- _WHAT YOU ARE ASKED TO DO_
Only the lines from the one with "main class: Shrubland" onward are wanted, through the last line of the entries, set down exactly.

- _GIVEN ENTRIES_

BEGIN

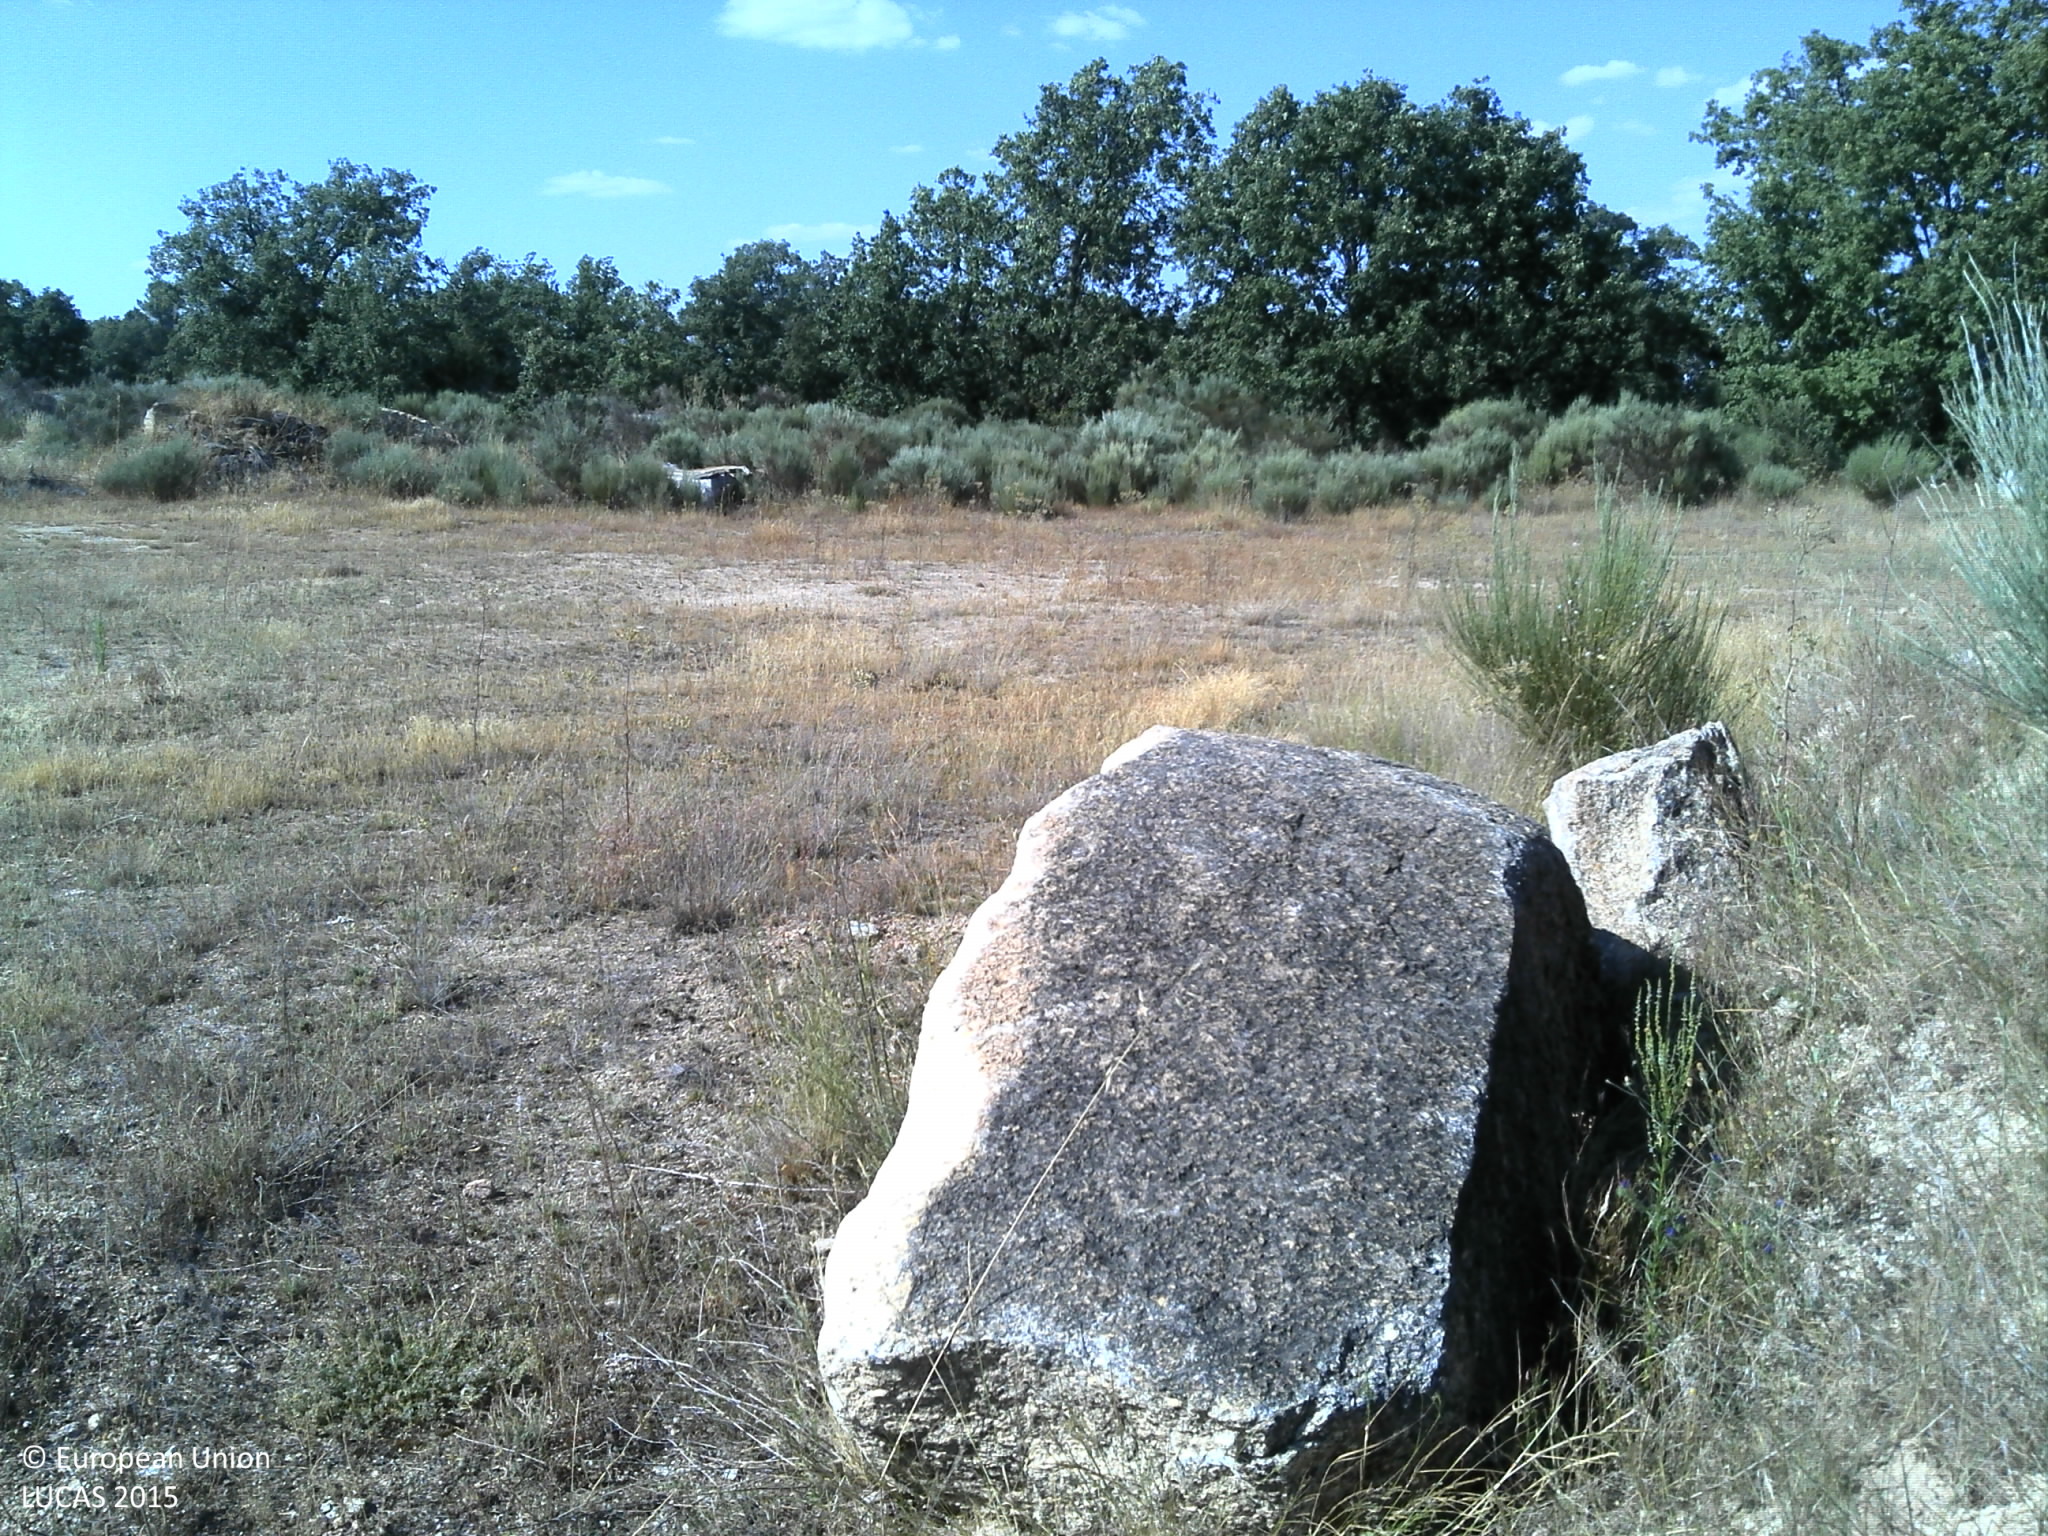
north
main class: Shrubland
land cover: Shrubland without tree cover
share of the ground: 25 - 50 %
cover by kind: unconsolidated bare surface 40 %, herbaceous plants 30 %, shrubs 25 %, consolidated bare surface 5 %
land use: Abandoned areas
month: June
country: PT
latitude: 40.7677
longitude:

END

- _TASK RESPONSE_
main class: Shrubland
land cover: Shrubland without tree cover
share of the ground: 25 - 50 %
cover by kind: unconsolidated bare surface 40 %, herbaceous plants 30 %, shrubs 25 %, consolidated bare surface 5 %
land use: Abandoned areas
month: June
country: PT
latitude: 40.7677
longitude:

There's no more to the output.